Дверь закрылась, лязгнули засовы, и я погрузился в свое мрачное одиночество.

VII

Камера была снабжена двумя отдушинами: одно окошко выходило на дозорный путь, другое — на внутренний двор, куда в определенные часы заключенные выходили подышать воздухом вместе с теми, кого вели на работу за пределами тюрьмы. Поставив стул на свой стол, я мог добраться до этих отверстий, но увидеть что-либо не позволяли деревянные планки, которые перегораживали их наподобие жалюзи. В матрасе, принесенном Абди, я обнаружил внушительных размеров нож и пару щипцов. Этот добрый малый запрятал их туда на всякий случай, пока раскладывал для меня постель. С помощью этих инструментов мне удалось надпилить одну из планок, благодаря чему я смог разглядеть кусочек двора.

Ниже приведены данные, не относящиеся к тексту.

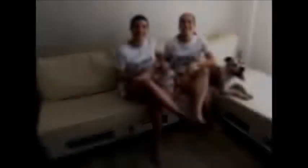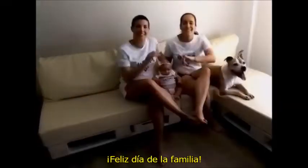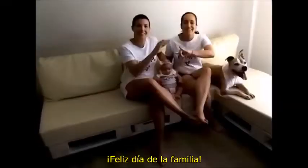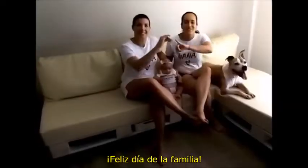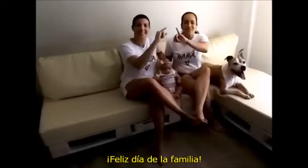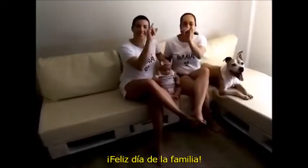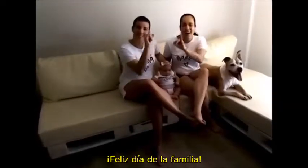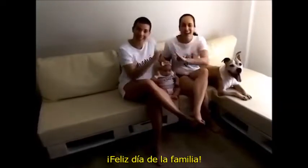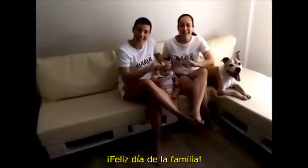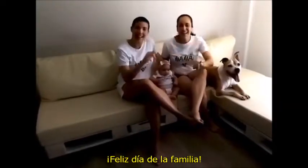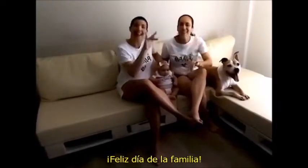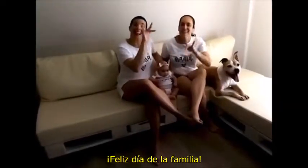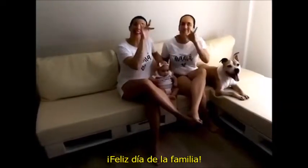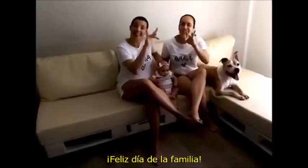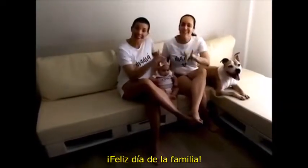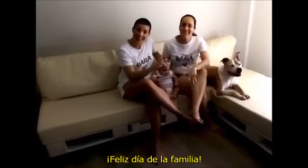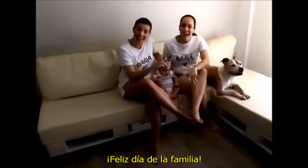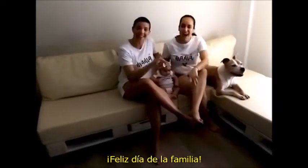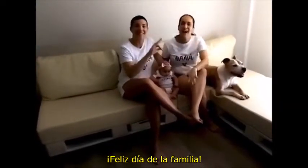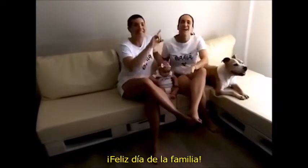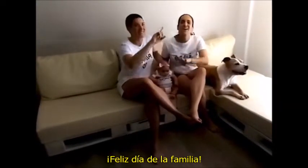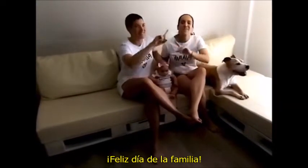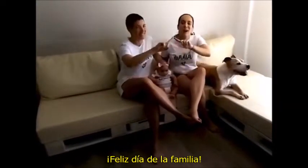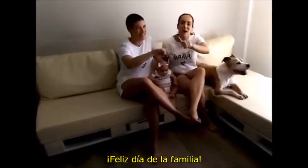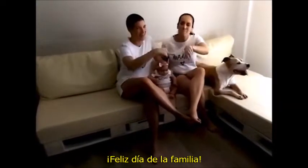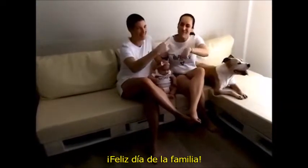¡Feliz día de la familia!

Когда заключенные подошли к бассейну, предназначенному для омовений и расположенному как раз под моей камерой, мне не составило труда привлечь к себе их внимание, и они сразу узнали меня. Связь была установлена, и я получил возможность общаться с внешним миром, так как их каждый день отводили на поливку садов господина губернатора. Дав несколько монет своему сомалийскому охраннику, они могли на некоторое время отлучиться и пойти куда им захочется.

При пособничестве туземца, начальника прислуги, организовалась почтовая служба. Плотно свернутые в трубочки записки я прикреплял к нитке и осторожно опускал из своего окошка к подножию стены, на дозорный путь, в часы, когда там дежурил муж Фатумы. Таким образом я мог теперь напрямую переписываться со своей женой и Марселем Корном, и, очень гордясь этим достижением, я принялся ждать ответа.

Первое письмо Армгарт обдало меня холодом; она с гневом обрушилась на эту подпольную переписку, которая грозила нам большими неприятностями, если бы она вдруг обнаружилась. Не следует, писала она, пренебрегать установленным порядком и пытаться обмануть правосудие… Последнее должно идти своим чередом, и наиболее убедительное доказательство моей невиновности, по ее мнению, заключалось бы в отсутствии у меня стремления каким-то образом уклониться от судебной процедуры. Я несколько раз перечитал окончание письма: «Я твоя жена и должна мужественно исполнить свой долг, заключающийся в том, чтобы быть с тобой до конца и защитить твою честь, которая в то же время является честью близких тебе людей. Я не могу судить о том, чего не знаю, поскольку ты не поставил меня в известность о сложностях, из-за которых ты, возможно, прибегнул к опасным средствам, но я верю в тебя и сохраню тебе верность, даже если внешне все будет свидетельствовать не в твою пользу».